═══ Stored data

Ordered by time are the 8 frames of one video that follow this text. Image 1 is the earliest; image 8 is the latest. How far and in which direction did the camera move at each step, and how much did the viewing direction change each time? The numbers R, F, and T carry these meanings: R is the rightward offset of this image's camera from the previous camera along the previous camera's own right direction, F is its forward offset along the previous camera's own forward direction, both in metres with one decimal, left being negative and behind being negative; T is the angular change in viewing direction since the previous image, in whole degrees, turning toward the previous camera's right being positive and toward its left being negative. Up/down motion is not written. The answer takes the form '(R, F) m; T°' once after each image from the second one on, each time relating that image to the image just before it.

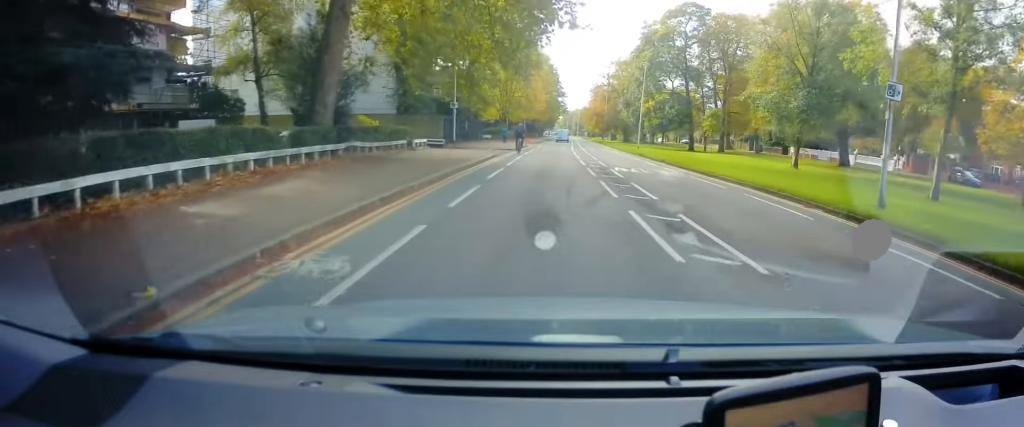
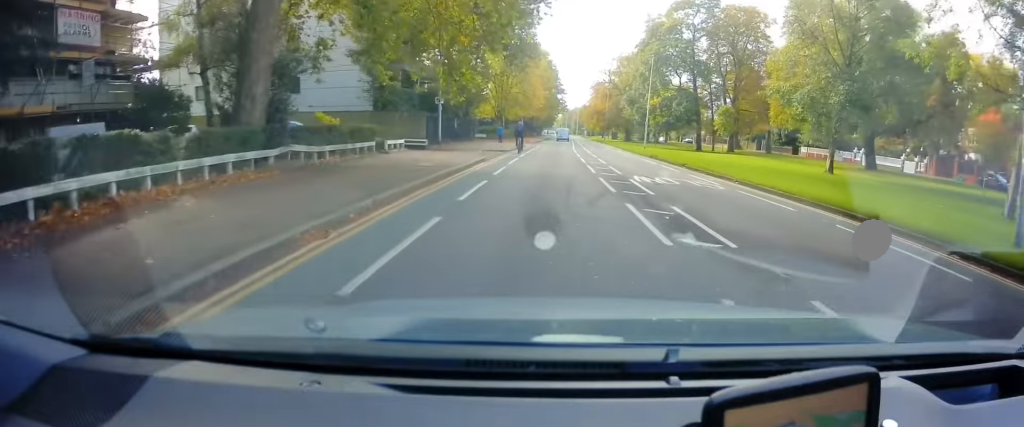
(+0.1, +5.1) m; +1°
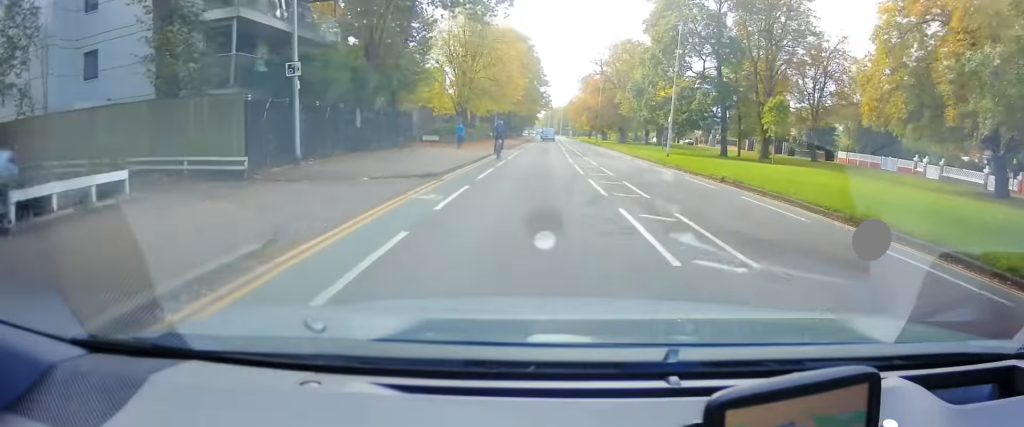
(+0.4, +18.9) m; +1°
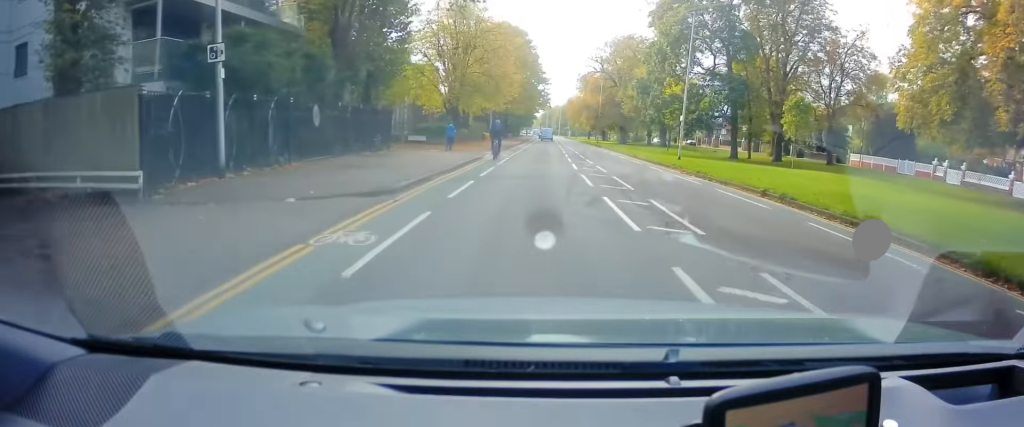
(0.0, +4.2) m; 0°
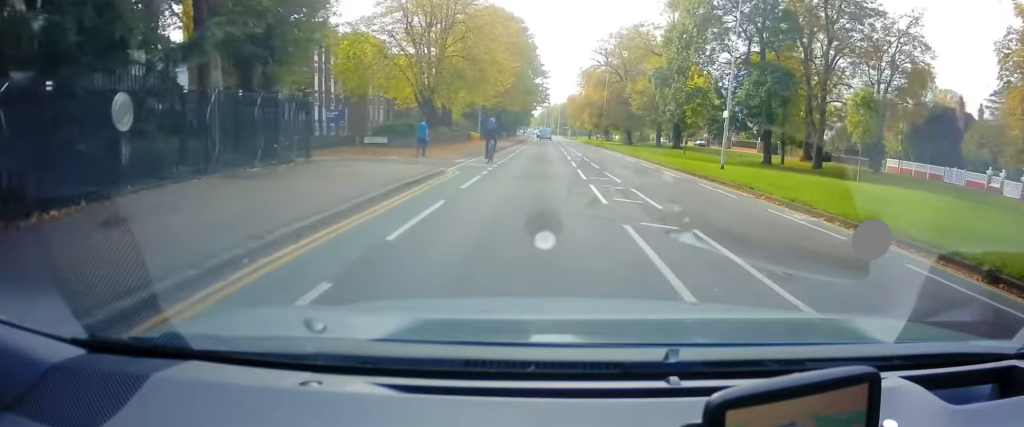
(-0.1, +9.8) m; 0°
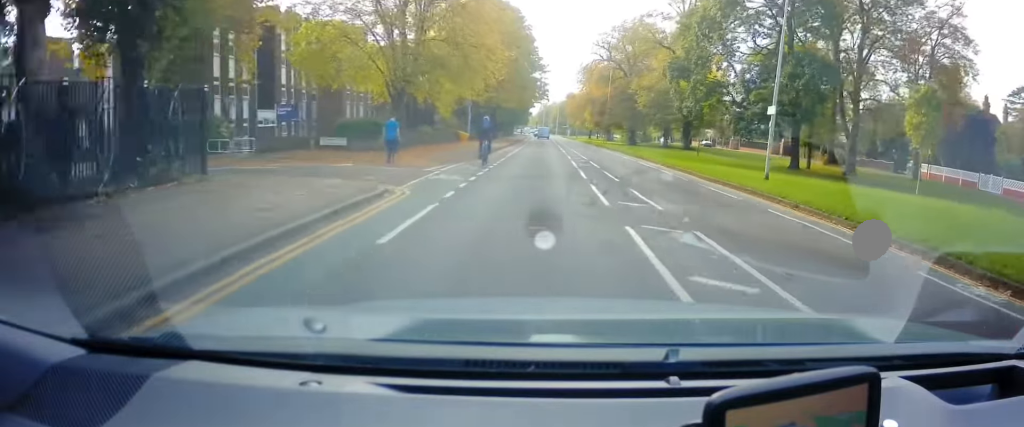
(0.0, +6.3) m; 0°
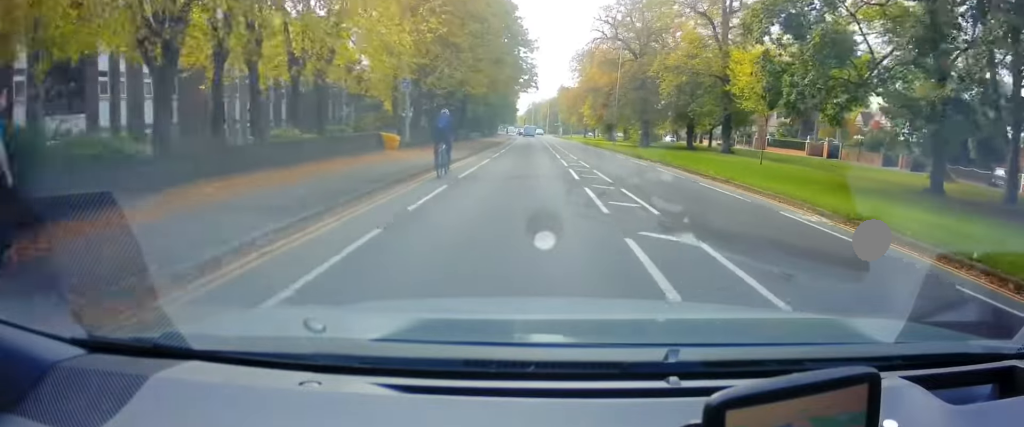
(0.0, +19.9) m; -1°
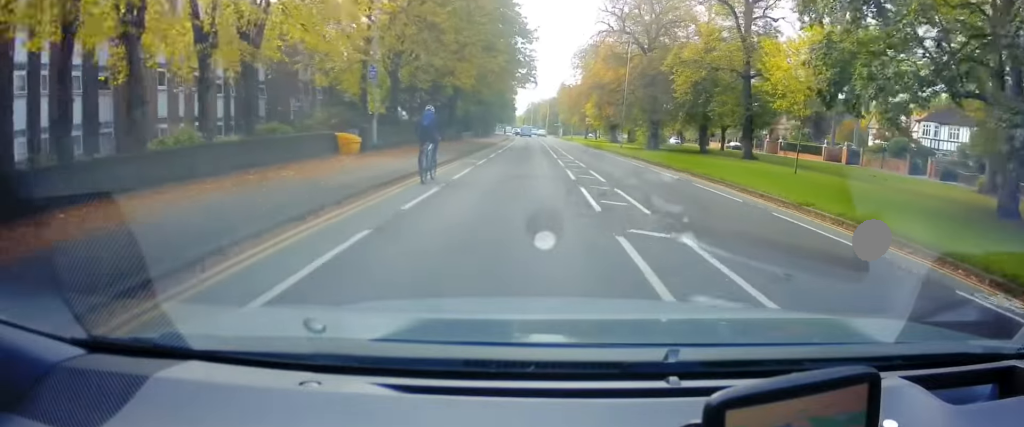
(+0.1, +6.0) m; -1°

══════

Exercise prompt
Set down every entry above verbatim, without pictures.

Output of the task
Ordered by time are the 8 frames of one video that follow this text. Image 1 is the earliest; image 8 is the latest. How far and in which direction did the camera move at each step, and how much did the viewing direction change each time? The numbers R, F, and T carry these meanings: R is the rightward offset of this image's camera from the previous camera along the previous camera's own right direction, F is its forward offset along the previous camera's own forward direction, both in metres with one decimal, left being negative and behind being negative; T is the angular change in viewing direction since the previous image, in whole degrees, turning toward the previous camera's right being positive and toward its left being negative. Up/down motion is not written. The answer takes the form '(R, F) m; T°' once after each image from the second one on, each time relating that image to the image just before it.

(+0.1, +5.1) m; +1°
(+0.4, +18.9) m; +1°
(0.0, +4.2) m; 0°
(-0.1, +9.8) m; 0°
(0.0, +6.3) m; 0°
(0.0, +19.9) m; -1°
(+0.1, +6.0) m; -1°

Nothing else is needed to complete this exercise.